Awesome! Thanks for the first review 

Did you happen to weigh them on a scale? Wonder how close they are to the claimed weight.

- Jeremy -


----------



## badwagon (Sep 17, 2008)

Bringing this thread back from the dead - has anyone had much experience with these? I'm looking for a reasonably priced alternative to Shimano pedals that are relatively light, but maintain SPD compatibility for my next project (all my other bikes have PD-M520's on them, and the spin cycles at my gym are SPD too). Any thoughts?


----------



## JMH (Feb 23, 2005)

badwagon said:


> Bringing this thread back from the dead - has anyone had much experience with these? I'm looking for a reasonably priced alternative to Shimano pedals that are relatively light, but maintain SPD compatibility for my next project (all my other bikes have PD-M520's on them, and the spin cycles at my gym are SPD too). Any thoughts?


I have two seasons on the Ti/Ti with no special attention to them, they are going strong. Oh, and I have a set of the Mag/SL I think?

These pedals are sensitive to sandy cleats, but that is my only complaint.

JMH


----------



## amillmtb (Jun 24, 2005)




----------



## BruceBrown (Jan 16, 2004)

badwagon said:


> Bringing this thread back from the dead - has anyone had much experience with these? I'm looking for a reasonably priced alternative to Shimano pedals that are relatively light, but maintain SPD compatibility for my next project (all my other bikes have PD-M520's on them, and the spin cycles at my gym are SPD too). Any thoughts?


I've got 2 pair of the chromo's (third season) and one pair of the Ti/Ti (2nd season). No problems to date with all three. One of the chromo's oozed a little grease out of the spindle/pedal area during the first few rides during the first season, but customer service told me that was okay as too much grease was probably packed in there during assembly.

Pictures of both models on my bikes...

Chromo:



Ti/Ti:


----------



## Tiffster (Jan 30, 2008)

I had about 4 sets.
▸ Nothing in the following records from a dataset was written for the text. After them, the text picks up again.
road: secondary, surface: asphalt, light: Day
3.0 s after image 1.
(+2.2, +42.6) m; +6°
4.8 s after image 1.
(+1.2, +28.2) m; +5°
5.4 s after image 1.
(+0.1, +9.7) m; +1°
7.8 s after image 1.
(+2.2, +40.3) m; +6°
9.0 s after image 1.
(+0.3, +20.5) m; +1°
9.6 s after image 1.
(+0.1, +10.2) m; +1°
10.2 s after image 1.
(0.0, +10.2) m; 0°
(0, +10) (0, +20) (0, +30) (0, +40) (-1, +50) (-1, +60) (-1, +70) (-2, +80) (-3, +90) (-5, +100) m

Bushings wore out within a couple of rides. It's a known issue in the UK due to the riding conditions. I had them exchanged under warranty but i got bored and got shot of them.
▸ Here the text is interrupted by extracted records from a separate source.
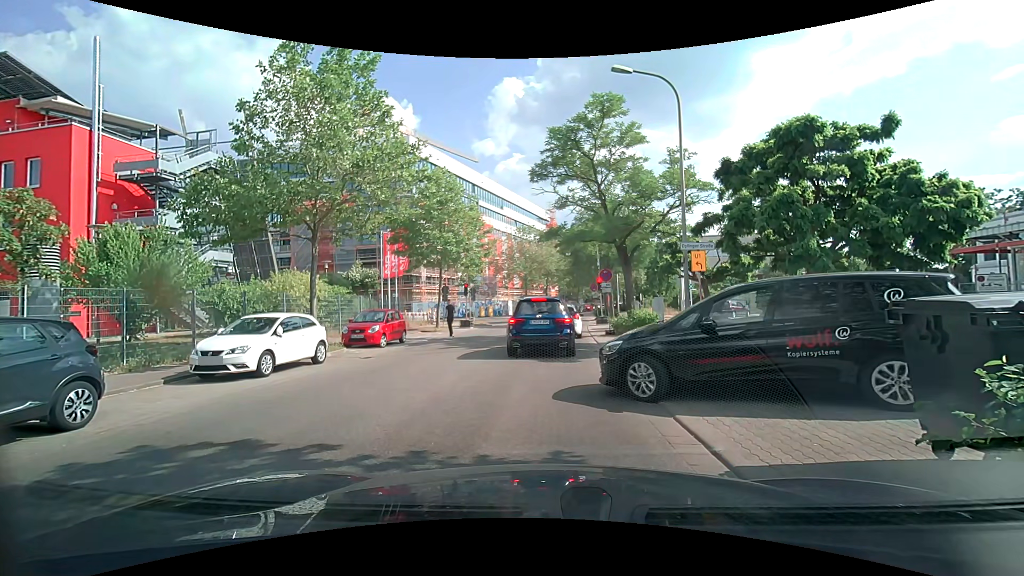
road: unclassified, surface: asphalt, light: Day
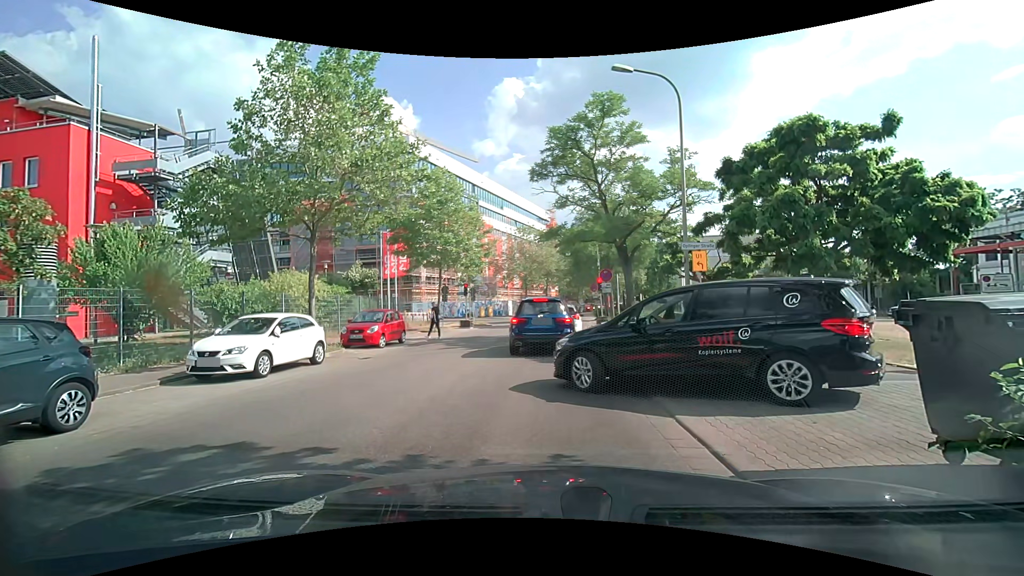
(0.0, +0.1) m; 0°
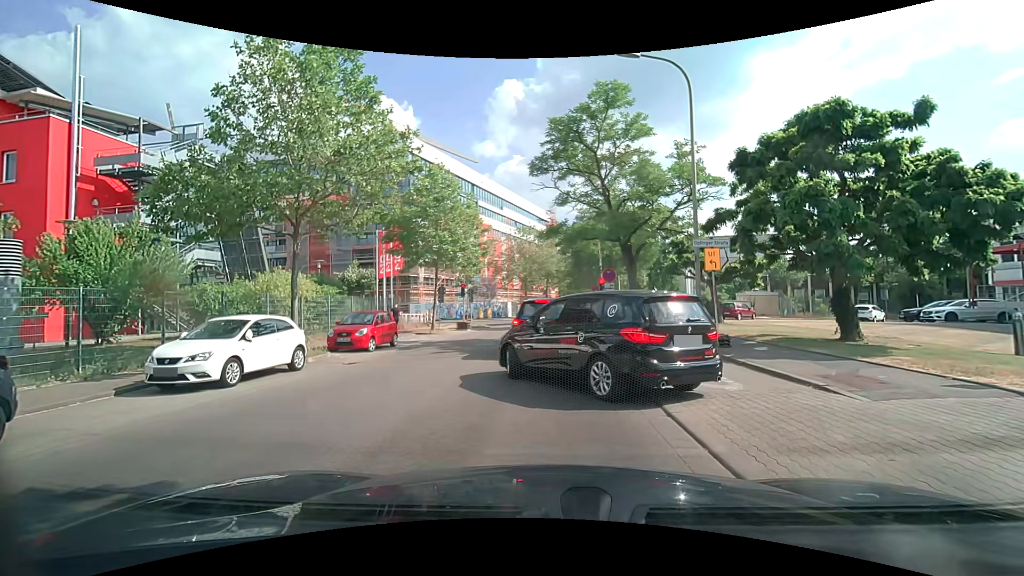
(0.0, +1.2) m; 0°
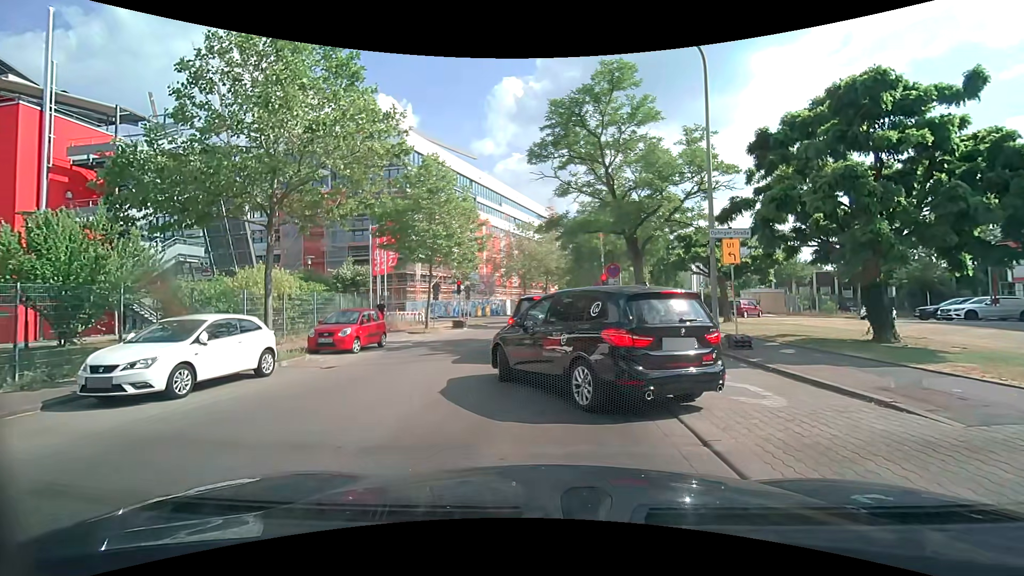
(0.0, +1.4) m; 0°
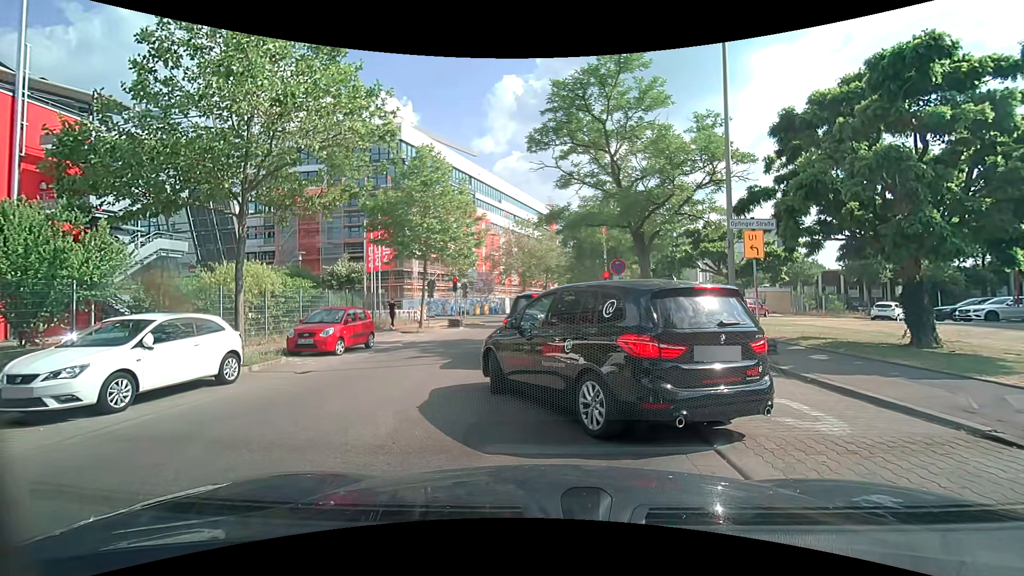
(0.0, +1.3) m; 0°
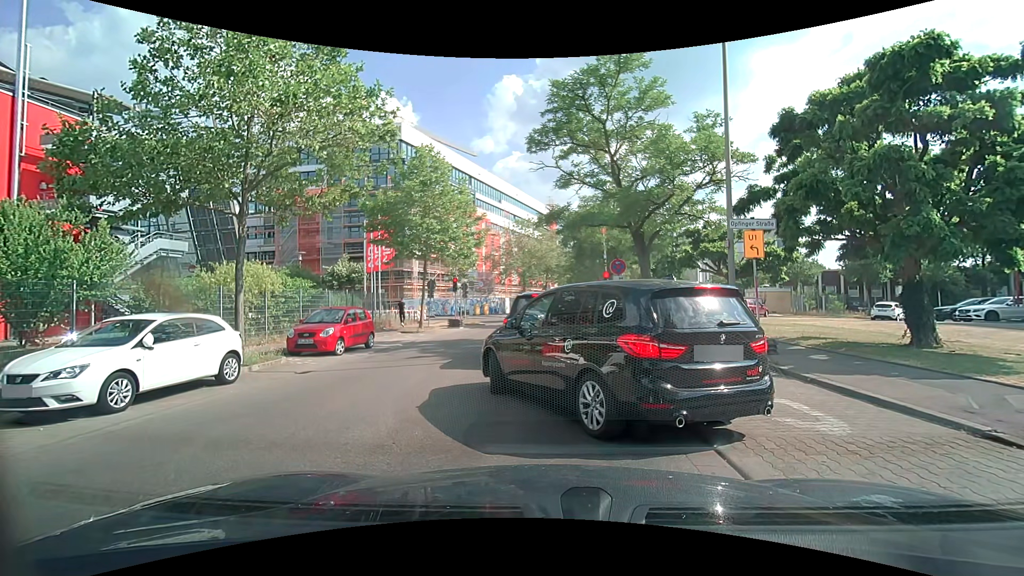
(0.0, 0.0) m; 0°
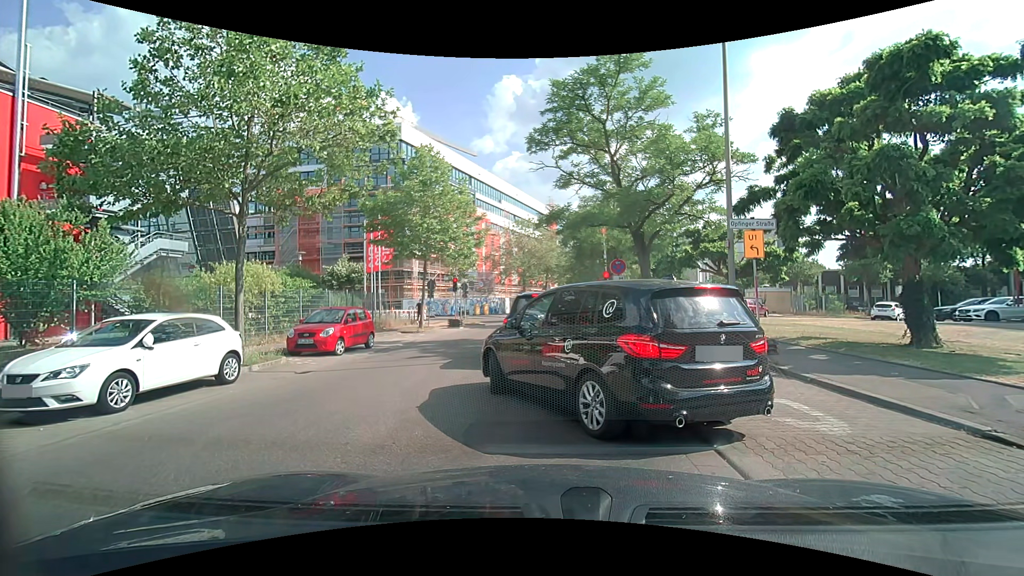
(0.0, 0.0) m; 0°
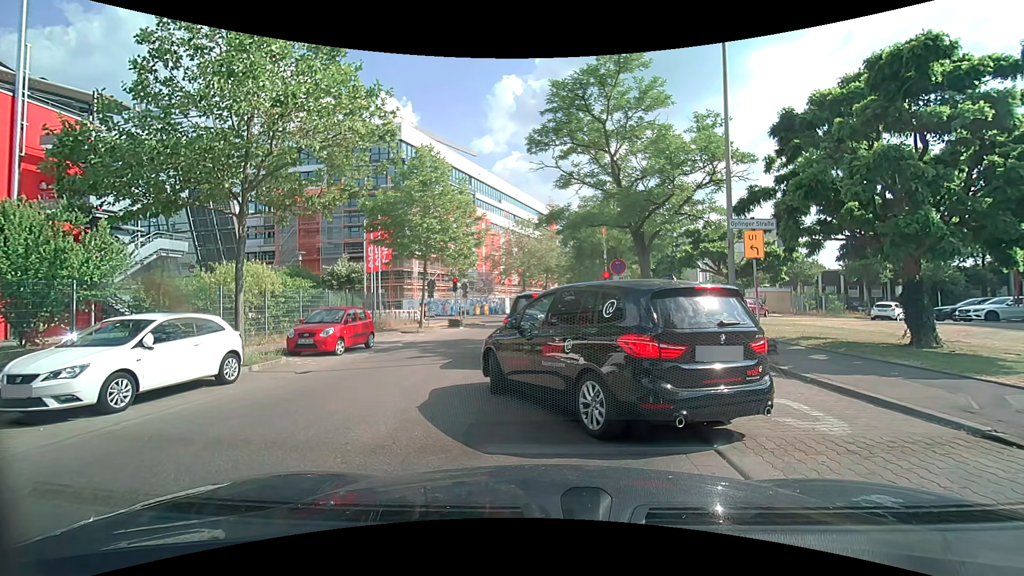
(0.0, 0.0) m; 0°

Nice pedals but if they only used a replaceable bushing! Once it wears thats it - pedals are wrecked.


----------



## vladxc (Jan 22, 2009)

I have used the MF4 Cr for an year at training and MF4 Ti an year at racing.

The training pedals need a repacement (after hitting rocks, roots, etc) but the Ti are working really good (aprox 15 races + training before and after race)


----------